▶ _TASK TO CARRY OUT_: Scan the listing below for the word "rect" and copy every line that has it.

▶ _DATA FOR ANALYSIS_:
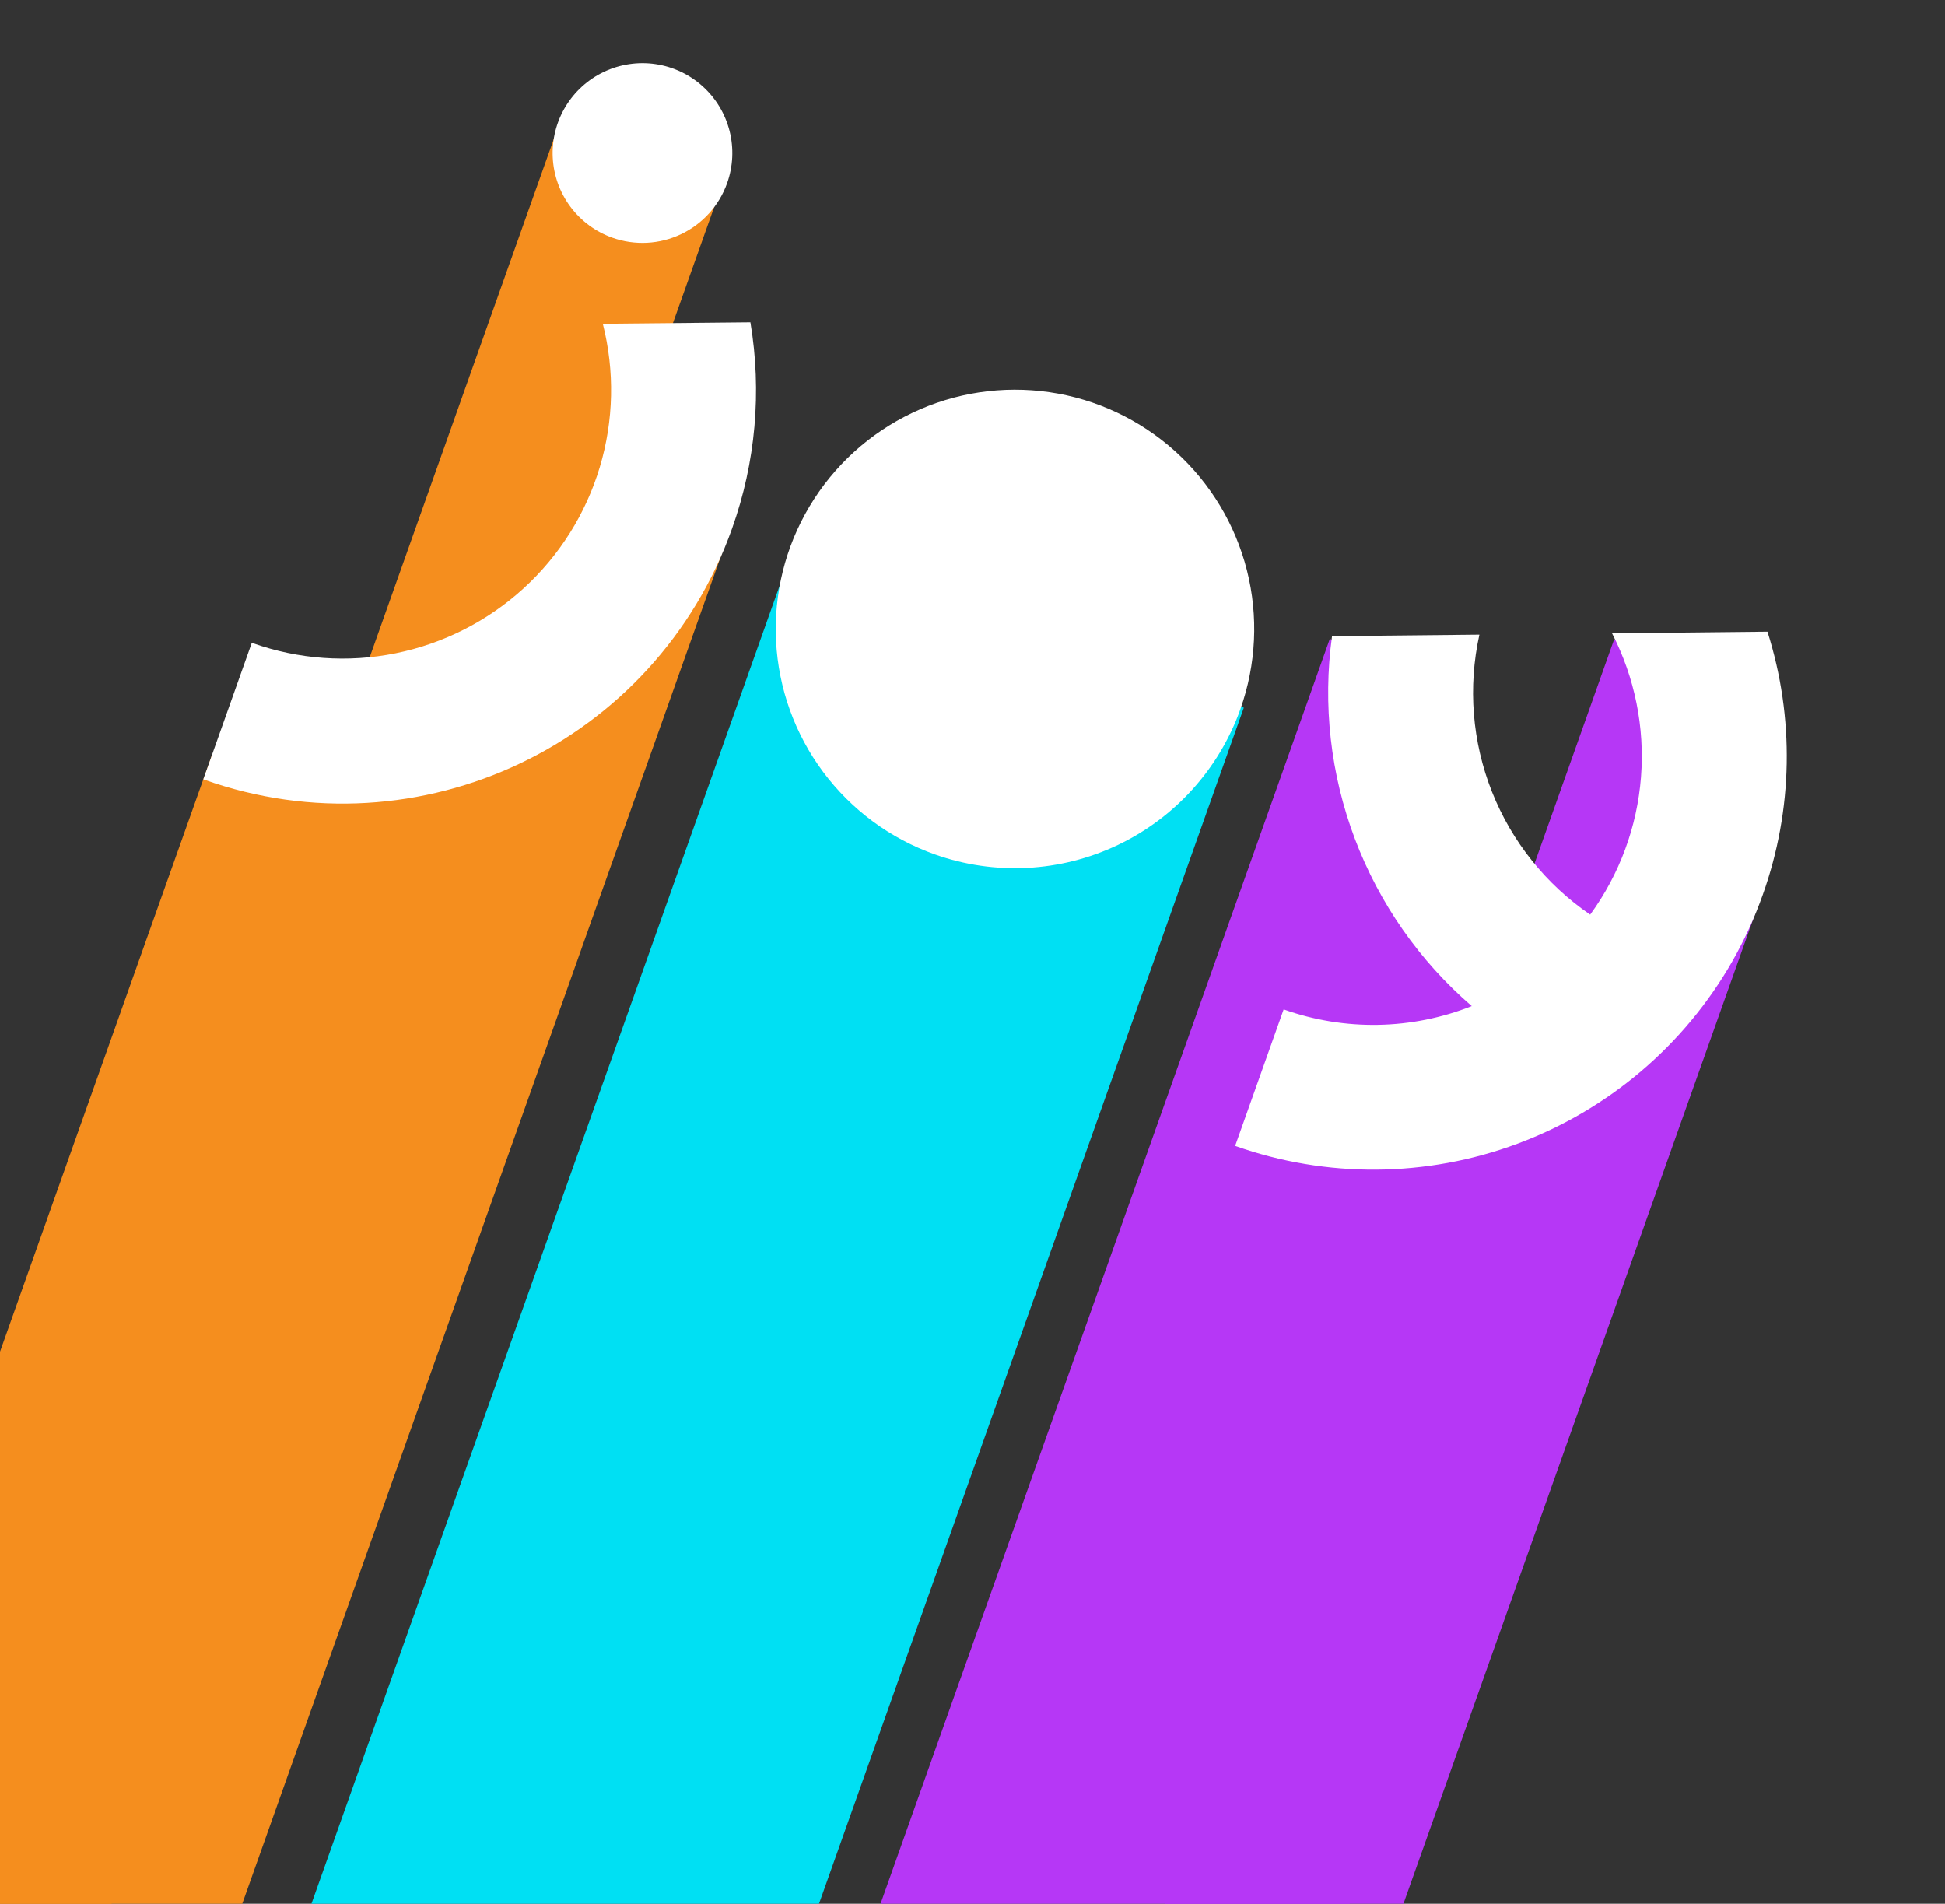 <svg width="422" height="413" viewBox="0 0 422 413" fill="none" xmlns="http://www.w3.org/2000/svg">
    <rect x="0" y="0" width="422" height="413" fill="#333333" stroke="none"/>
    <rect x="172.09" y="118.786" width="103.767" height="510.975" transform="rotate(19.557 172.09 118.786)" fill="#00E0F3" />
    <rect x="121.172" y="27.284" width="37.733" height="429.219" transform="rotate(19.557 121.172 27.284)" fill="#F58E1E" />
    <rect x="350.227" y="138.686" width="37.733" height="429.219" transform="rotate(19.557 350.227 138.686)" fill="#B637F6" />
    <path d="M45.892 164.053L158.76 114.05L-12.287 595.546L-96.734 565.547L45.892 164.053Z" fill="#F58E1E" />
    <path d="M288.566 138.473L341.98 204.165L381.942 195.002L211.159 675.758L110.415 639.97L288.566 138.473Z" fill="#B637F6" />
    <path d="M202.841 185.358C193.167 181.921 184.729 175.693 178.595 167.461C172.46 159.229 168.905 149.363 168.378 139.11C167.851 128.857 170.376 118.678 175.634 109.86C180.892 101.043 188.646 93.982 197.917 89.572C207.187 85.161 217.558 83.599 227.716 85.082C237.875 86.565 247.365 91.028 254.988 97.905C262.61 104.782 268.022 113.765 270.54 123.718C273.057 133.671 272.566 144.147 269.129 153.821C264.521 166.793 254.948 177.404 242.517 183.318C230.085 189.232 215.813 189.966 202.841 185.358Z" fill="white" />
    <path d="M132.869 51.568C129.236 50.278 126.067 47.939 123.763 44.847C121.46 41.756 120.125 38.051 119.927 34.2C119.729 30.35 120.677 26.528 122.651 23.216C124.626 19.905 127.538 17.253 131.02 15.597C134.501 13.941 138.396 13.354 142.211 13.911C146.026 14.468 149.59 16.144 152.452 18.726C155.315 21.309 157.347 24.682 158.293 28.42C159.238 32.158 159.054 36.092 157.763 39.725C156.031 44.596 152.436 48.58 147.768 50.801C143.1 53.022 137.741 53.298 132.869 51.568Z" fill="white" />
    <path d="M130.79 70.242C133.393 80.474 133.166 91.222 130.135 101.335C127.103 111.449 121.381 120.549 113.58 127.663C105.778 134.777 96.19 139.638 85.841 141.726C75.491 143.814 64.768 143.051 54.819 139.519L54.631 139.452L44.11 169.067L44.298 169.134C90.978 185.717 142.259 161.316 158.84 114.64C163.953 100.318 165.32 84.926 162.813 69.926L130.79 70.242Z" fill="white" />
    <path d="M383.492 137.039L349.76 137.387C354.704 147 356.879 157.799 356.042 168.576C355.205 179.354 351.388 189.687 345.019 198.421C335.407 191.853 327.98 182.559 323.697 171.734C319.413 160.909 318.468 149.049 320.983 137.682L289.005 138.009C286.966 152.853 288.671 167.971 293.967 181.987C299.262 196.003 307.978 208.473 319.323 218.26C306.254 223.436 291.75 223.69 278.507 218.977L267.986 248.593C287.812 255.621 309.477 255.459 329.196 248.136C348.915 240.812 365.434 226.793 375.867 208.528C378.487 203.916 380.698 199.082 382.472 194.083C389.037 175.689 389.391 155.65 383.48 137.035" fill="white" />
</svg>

==

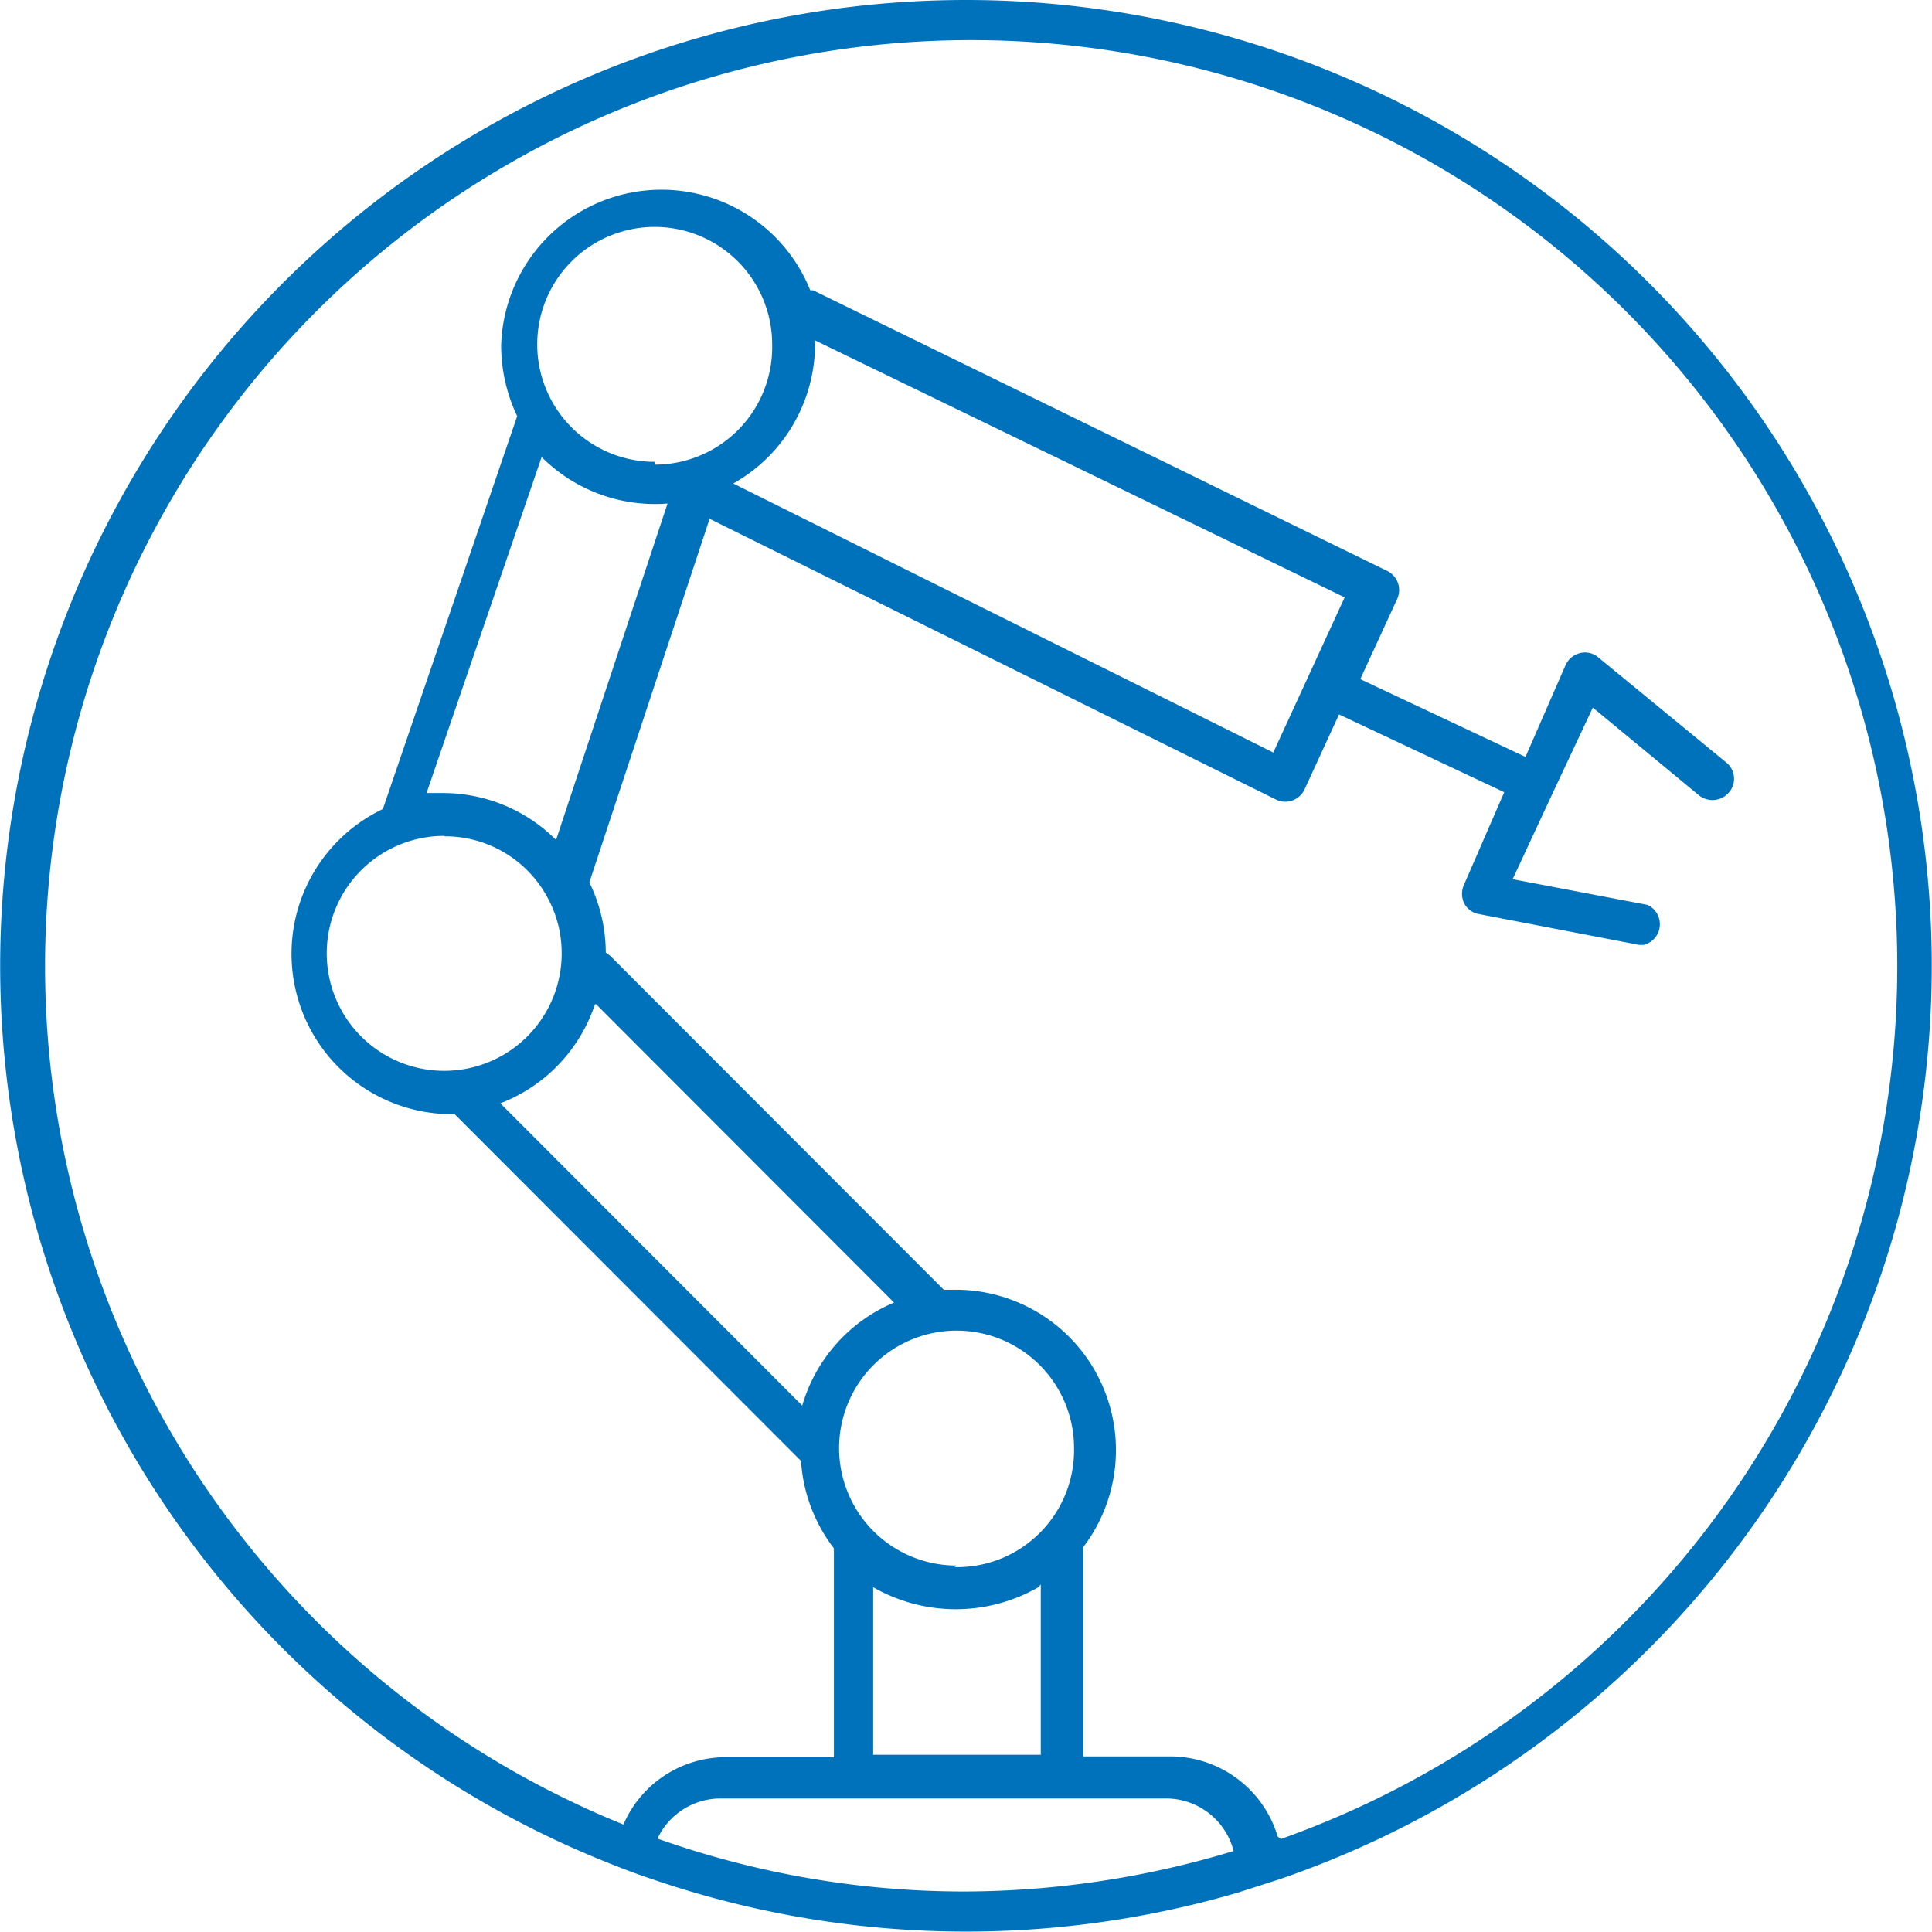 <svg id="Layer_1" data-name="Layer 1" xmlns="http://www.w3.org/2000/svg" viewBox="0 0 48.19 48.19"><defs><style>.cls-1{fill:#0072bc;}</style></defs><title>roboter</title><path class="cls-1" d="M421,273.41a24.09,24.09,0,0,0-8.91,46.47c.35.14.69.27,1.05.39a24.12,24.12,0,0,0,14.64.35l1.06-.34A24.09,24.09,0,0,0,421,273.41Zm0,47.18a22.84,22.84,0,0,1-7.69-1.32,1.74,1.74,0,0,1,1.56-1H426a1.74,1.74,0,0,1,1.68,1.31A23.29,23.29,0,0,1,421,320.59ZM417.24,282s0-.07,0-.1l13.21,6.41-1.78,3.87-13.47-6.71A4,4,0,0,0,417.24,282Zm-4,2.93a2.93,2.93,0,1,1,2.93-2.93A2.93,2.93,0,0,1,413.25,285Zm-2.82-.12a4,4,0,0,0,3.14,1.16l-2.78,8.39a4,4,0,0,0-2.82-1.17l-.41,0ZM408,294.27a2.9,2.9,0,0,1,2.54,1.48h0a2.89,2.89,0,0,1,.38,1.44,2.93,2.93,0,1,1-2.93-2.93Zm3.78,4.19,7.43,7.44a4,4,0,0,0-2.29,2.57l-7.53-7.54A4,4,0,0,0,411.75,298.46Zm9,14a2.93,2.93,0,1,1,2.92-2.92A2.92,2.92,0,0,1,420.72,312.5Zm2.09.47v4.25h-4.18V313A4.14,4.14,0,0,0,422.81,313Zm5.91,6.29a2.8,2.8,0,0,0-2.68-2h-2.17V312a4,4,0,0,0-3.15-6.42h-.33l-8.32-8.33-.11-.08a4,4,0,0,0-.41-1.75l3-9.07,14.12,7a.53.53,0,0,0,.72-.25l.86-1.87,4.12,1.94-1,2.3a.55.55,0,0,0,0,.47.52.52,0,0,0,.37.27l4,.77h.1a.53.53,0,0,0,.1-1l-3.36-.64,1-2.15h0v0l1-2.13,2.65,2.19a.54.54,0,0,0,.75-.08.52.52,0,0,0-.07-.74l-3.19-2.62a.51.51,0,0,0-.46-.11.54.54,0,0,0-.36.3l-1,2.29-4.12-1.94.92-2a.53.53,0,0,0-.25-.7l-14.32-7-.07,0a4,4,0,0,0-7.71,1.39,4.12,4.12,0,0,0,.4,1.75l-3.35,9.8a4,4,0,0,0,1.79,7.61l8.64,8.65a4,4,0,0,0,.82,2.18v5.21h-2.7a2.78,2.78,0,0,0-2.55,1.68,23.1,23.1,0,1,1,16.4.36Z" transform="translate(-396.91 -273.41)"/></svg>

▶ _SOLUTION BELOW_:
    <rect x="0" y="0" width="422" height="413" fill="#333333" stroke="none"/>
    <rect x="172.09" y="118.786" width="103.767" height="510.975" transform="rotate(19.557 172.09 118.786)" fill="#00E0F3" />
    <rect x="121.172" y="27.284" width="37.733" height="429.219" transform="rotate(19.557 121.172 27.284)" fill="#F58E1E" />
    <rect x="350.227" y="138.686" width="37.733" height="429.219" transform="rotate(19.557 350.227 138.686)" fill="#B637F6" />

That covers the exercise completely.